- Active: 1776–1781
- Allegiance: Continental Congress of the United States
- Type: Infantry
- Size: 728 soldiers
- Part of: Connecticut Line
- Colors: Red coat, faced white, until 1779
- Engagements: Monmouth

Commanders
- Notable commanders: Colonel Jediah Huntington Colonel Josiah Starr Colonel Sherman and Colonel Swift

= 1st Connecticut Regiment =

The 1st Connecticut Regiment was a unit of the Continental Army, and was involved in the American Revolutionary War. The regiment was initially formed in 1776, and was active in various forms until 1783.

==1776–1780==
The 1st Connecticut Regiment was authorized on 16 September 1776 in the Continental Army. The regiment was organized between 1 January 1777 at Norwich, Connecticut, with eight companies from the counties of New London, Windham, and Hartford of the state of Connecticut.
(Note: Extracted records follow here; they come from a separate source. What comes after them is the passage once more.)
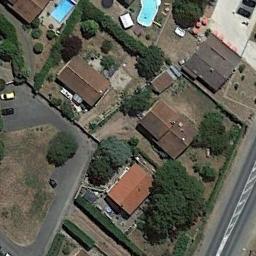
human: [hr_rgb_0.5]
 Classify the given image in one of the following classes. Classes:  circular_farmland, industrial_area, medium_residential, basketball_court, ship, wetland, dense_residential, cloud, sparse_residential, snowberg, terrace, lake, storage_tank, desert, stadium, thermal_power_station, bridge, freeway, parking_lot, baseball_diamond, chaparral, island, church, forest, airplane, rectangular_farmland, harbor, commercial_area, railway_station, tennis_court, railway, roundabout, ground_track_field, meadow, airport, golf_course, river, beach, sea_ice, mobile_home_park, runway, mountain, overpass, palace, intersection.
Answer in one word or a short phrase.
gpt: medium_residential
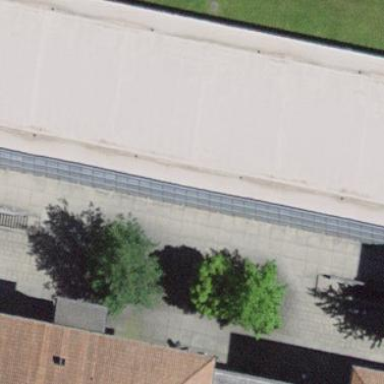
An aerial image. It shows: University building with black exterior.
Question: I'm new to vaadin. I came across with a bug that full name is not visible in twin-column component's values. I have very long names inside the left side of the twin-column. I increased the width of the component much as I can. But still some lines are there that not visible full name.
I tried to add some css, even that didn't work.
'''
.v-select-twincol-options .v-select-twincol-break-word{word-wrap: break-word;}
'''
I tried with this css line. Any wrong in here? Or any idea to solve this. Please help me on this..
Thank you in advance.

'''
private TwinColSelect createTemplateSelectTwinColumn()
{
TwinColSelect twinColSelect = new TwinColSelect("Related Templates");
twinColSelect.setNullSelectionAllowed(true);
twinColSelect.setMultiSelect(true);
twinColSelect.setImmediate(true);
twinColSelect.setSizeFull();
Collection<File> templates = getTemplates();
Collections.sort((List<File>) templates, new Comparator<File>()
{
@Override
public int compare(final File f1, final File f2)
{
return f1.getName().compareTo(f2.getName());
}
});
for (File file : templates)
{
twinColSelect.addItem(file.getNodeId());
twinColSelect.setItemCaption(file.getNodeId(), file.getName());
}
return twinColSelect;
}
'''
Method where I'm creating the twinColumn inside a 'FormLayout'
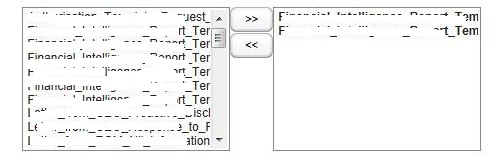
Answer: Vaadin's TwinColSelect eventually results in two standard HTML option list controls in the DOM; see the DOM of this example: <URL>

'word-wrap' is, however, <URL> on option list items.
Consider creating your "own" TwinColSelect from two Vaadin tables. Vaadin tables are much more flexible regarding CSS styling.
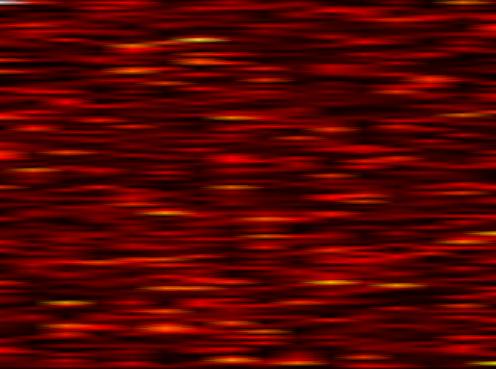
Label: OFDM
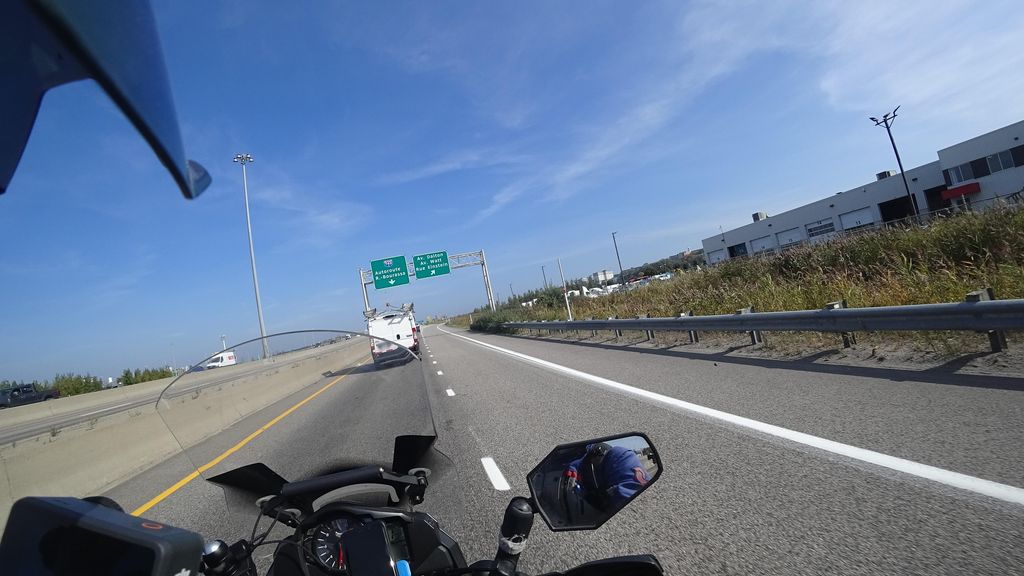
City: quebec_city
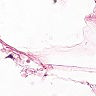
Metastatic tissue present: no
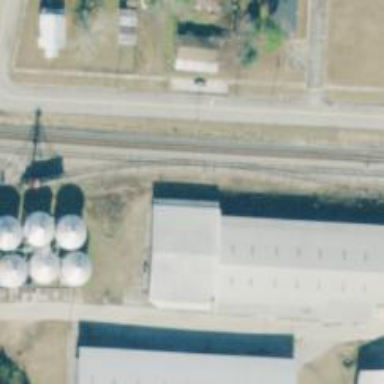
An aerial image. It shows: Railway siding with rails.
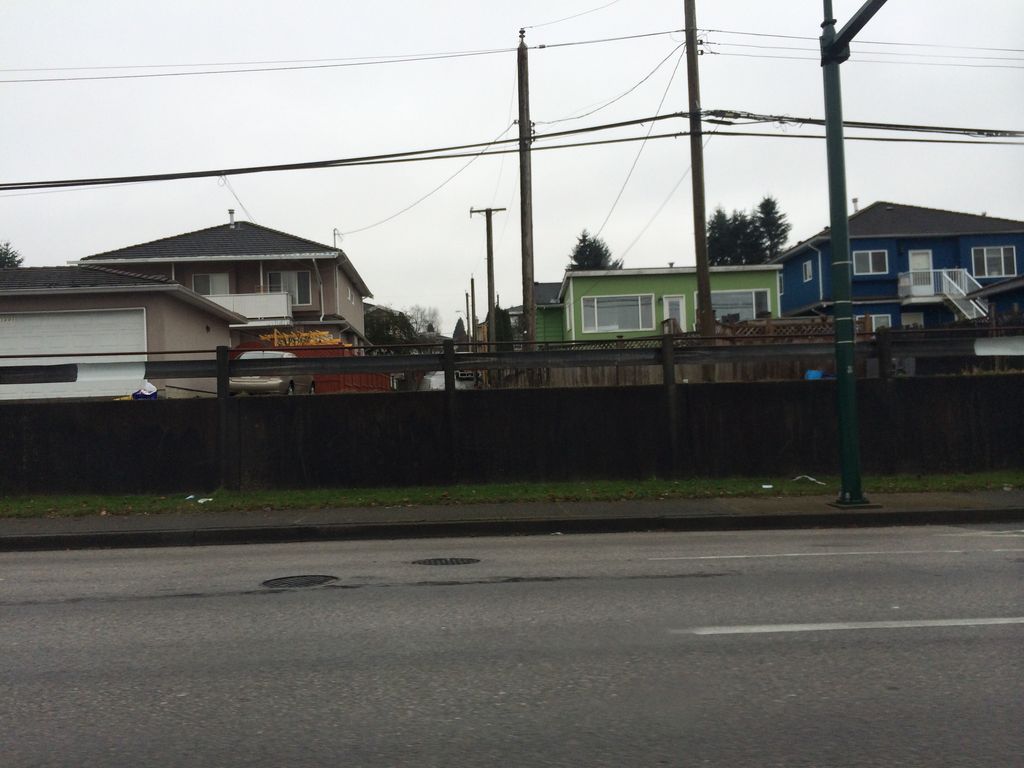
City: vancouver
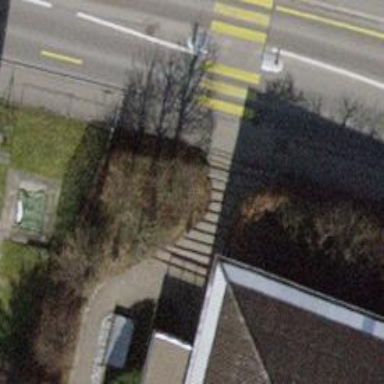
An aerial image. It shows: Steps on grass paver road.
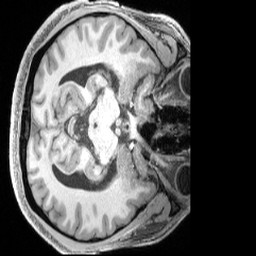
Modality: T1w
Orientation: axial
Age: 24
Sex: male
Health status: ill
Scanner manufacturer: siemens
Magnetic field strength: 3 T
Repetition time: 2.4 s
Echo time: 0.00222 s
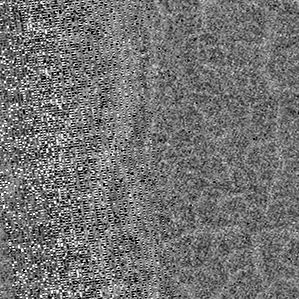
Label: frost
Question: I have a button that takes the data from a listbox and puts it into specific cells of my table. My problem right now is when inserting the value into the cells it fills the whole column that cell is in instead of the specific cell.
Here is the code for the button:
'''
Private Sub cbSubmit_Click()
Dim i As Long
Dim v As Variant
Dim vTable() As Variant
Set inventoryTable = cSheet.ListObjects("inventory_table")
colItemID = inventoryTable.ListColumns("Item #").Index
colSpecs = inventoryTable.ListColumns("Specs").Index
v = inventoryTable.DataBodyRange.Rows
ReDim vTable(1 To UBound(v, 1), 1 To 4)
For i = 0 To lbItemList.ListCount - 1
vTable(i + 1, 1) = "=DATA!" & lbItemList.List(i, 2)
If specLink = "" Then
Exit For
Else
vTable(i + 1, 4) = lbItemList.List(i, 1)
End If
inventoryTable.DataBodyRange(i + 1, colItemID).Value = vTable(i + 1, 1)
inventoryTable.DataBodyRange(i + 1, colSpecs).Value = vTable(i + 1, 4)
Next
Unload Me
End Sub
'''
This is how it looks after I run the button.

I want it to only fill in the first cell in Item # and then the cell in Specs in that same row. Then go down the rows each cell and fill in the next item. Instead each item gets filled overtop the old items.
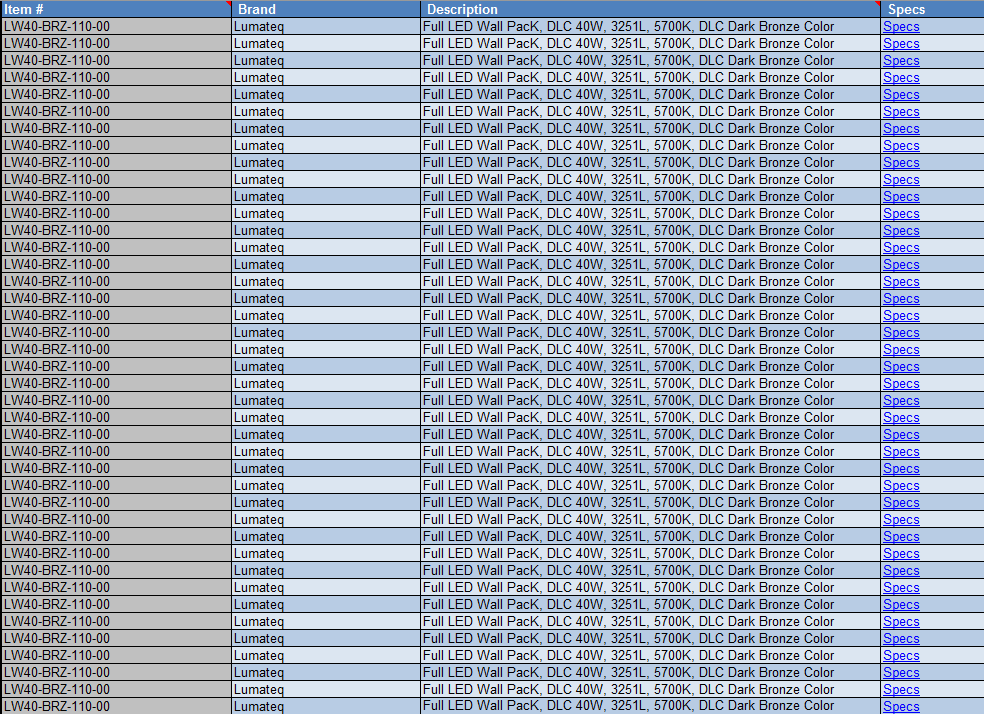
Answer: If you are targeting individual cells in a structured table ( <URL>.
'''
Application.AutoCorrect.AutoFillFormulasInLists = False
'''
This can also be achieved with +,,, + then go to the tab and uncheck .
Optionally turn it back on at the end of your sub procedure if you wish to have this application-wide option available.
'''
Application.AutoCorrect.AutoFillFormulasInLists = True
'''
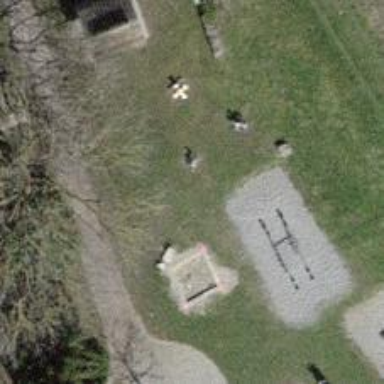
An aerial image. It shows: Springy playground.

It was assigned to the 2nd Connecticut Brigade of the Highlands Department on 3 April 1777. On 12 June 1777 it was reassigned from the 2nd Connecticut Brigade to the 1st Connecticut Brigade. Three days later, 15 June 1777 this brigade was reassigned to the main Continental Army. On 17 July 1777 the brigade was reassigned to the Highlands Department. The Regiment was reassigned to the 2nd Connecticut Brigade on 12 September 1777 and two days later 14 September 1777 the brigade was reassigned to the main Continental Army. On 2 May 1779 the brigade was reassigned to the Highlands Department and the regiment was reorganized to nine companies on 11 July 1779. On 16 November 1779 the 2nd Connecticut Brigade was reassigned to the main Continental Army. One year later, 27 November 1780 the brigade was reassigned to the Highland Department. On 1 January 1781 the regiment was consolidated with the 8th Connecticut Regiment and was re-designated the 5th Connecticut Regiment. The regiment would see action in the New York Campaign and the Battle of Monmouth.

==1781–1783==
A new 1st Connecticut Regiment was formed from the merger of the old 3rd Connecticut Regiment with the old 4th Connecticut Regiment, on 1 January 1781. On 1 January 1783 it was reassigned from the 1st Connecticut Brigade to the Connecticut Brigade in the Highland's Department. The regiment was re-designated the Connecticut Brigade on 15 June 1783 and reassigned to the Main Continental Army. The regiment was disbanded at West Point, New York on 15 November 1783.